A fiscalização foi motivada por uma denúncia anônima enviada à Ouvidoria da Polícia Civil. Ao entrarem no estabelecimento, os agentes públicos e fiscais sanitários se depararam com o que classificaram como uma “cena de terror”.

De acordo com o relatório da operação, o açougue fabricava embutidos e processava carnes clandestinamente, sem o registro obrigatório do Serviço de Inspeção Municipal (SIM). No local, linguiças eram armazenadas sem qualquer rotulagem e peças congeladas seguiam sem identificação de origem ou validade.

O ponto mais crítico detectado pela perícia foi a estrutura física do comércio. A sala de manipulação de alimentos funcionava em condições precárias de conservação. Os policiais encontraram uma tampa de acesso à rede de esgoto instalada diretamente no chão do cômodo onde as carnes eram cortadas e preparadas para a venda.

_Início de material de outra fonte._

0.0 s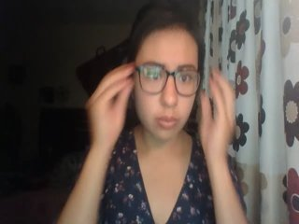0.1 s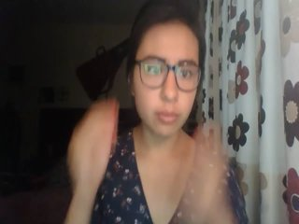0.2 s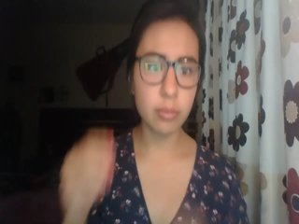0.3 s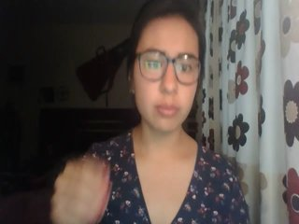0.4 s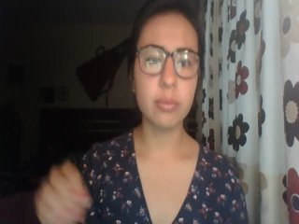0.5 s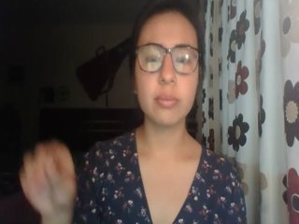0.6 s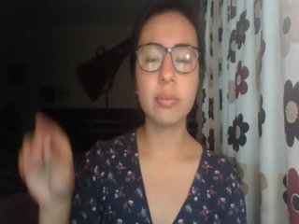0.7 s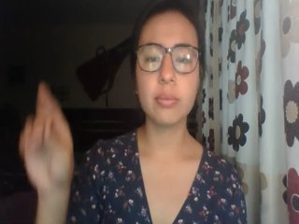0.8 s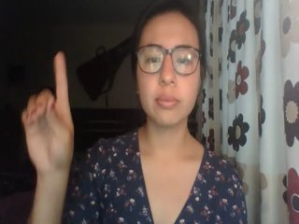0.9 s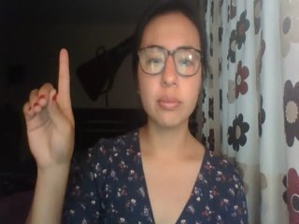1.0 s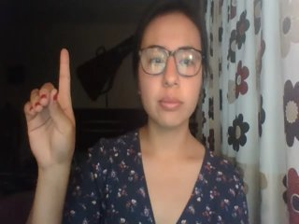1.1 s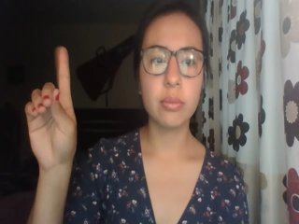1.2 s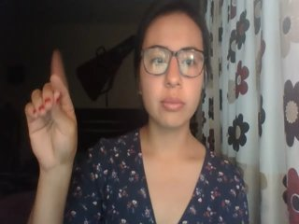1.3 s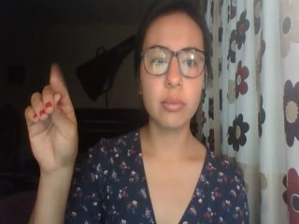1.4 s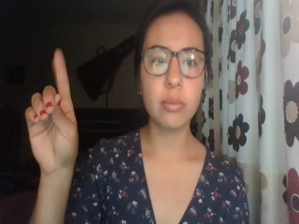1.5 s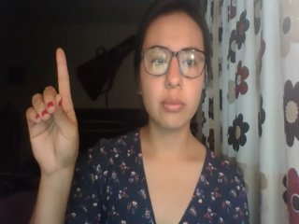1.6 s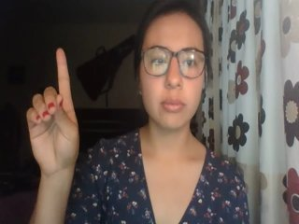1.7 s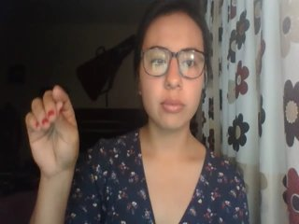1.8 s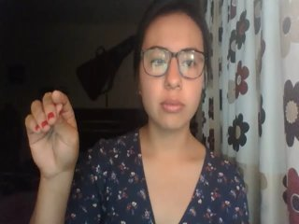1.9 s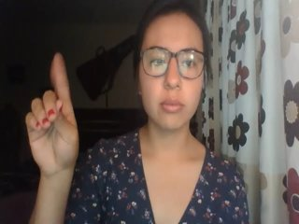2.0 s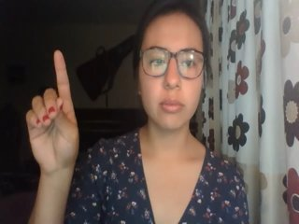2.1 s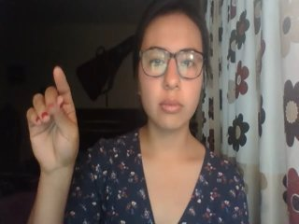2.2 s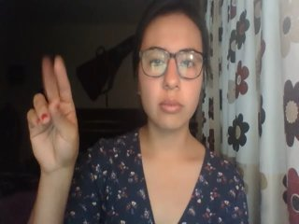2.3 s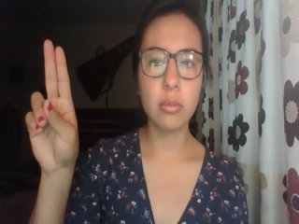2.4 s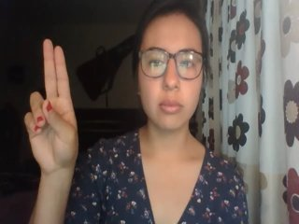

Toda a mercadoria recolhida — que incluía carne bovina, frango, fígado, coração, pescados, ossos e linguiças — foi considerada de alto risco para a saúde pública e destruída imediatamente.

O gerente do açougue apresentou a documentação do responsável técnico do local. Segundo a Decon, ambos podem ser responsabilizados criminalmente ao final do inquérito. Os envolvidos devem responder por crime contra as relações de consumo, com base no artigo 7º da Lei nº 8.137/1990. Se condenados, a pena pode chegar a cinco anos de detenção.